Only the pictures should be left out; write out all other data exactly.

[Data below — start]

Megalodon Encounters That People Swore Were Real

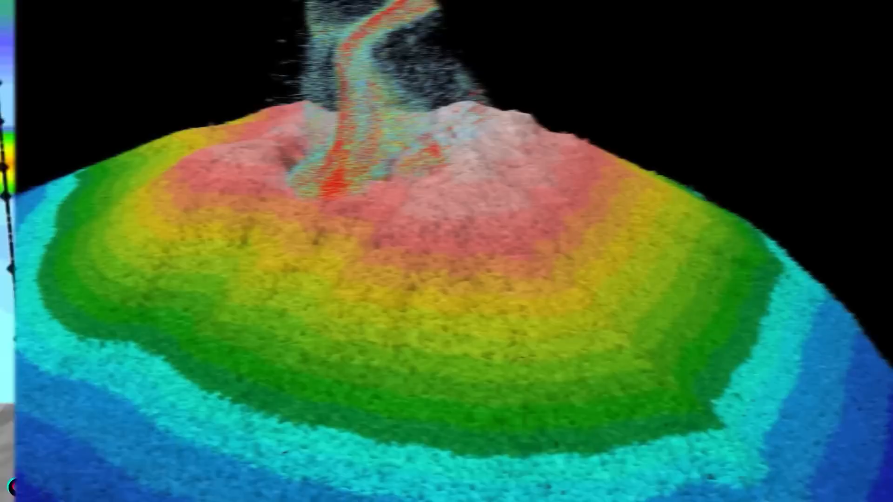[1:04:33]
This sea mount is located in the Mariana Arc about 325 meters or 1060 feet below sea level and it was found to be hydrothermally active in 2003. In 2014 it was discovered that the submarine volcano was either actively erupting or had been very recently.
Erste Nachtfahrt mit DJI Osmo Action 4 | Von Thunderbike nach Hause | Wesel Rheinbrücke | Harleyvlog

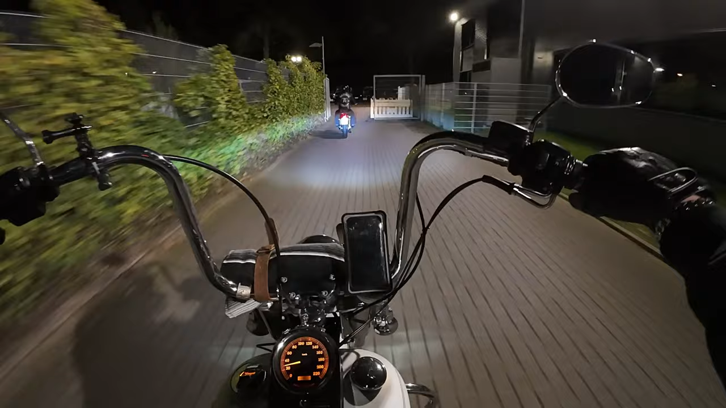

[Data below — finish]

◆ Your solution:
Megalodon Encounters That People Swore Were Real

[1:04:33]
This sea mount is located in the Mariana Arc about 325 meters or 1060 feet below sea level and it was found to be hydrothermally active in 2003. In 2014 it was discovered that the submarine volcano was either actively erupting or had been very recently.
Erste Nachtfahrt mit DJI Osmo Action 4 | Von Thunderbike nach Hause | Wesel Rheinbrücke | Harleyvlog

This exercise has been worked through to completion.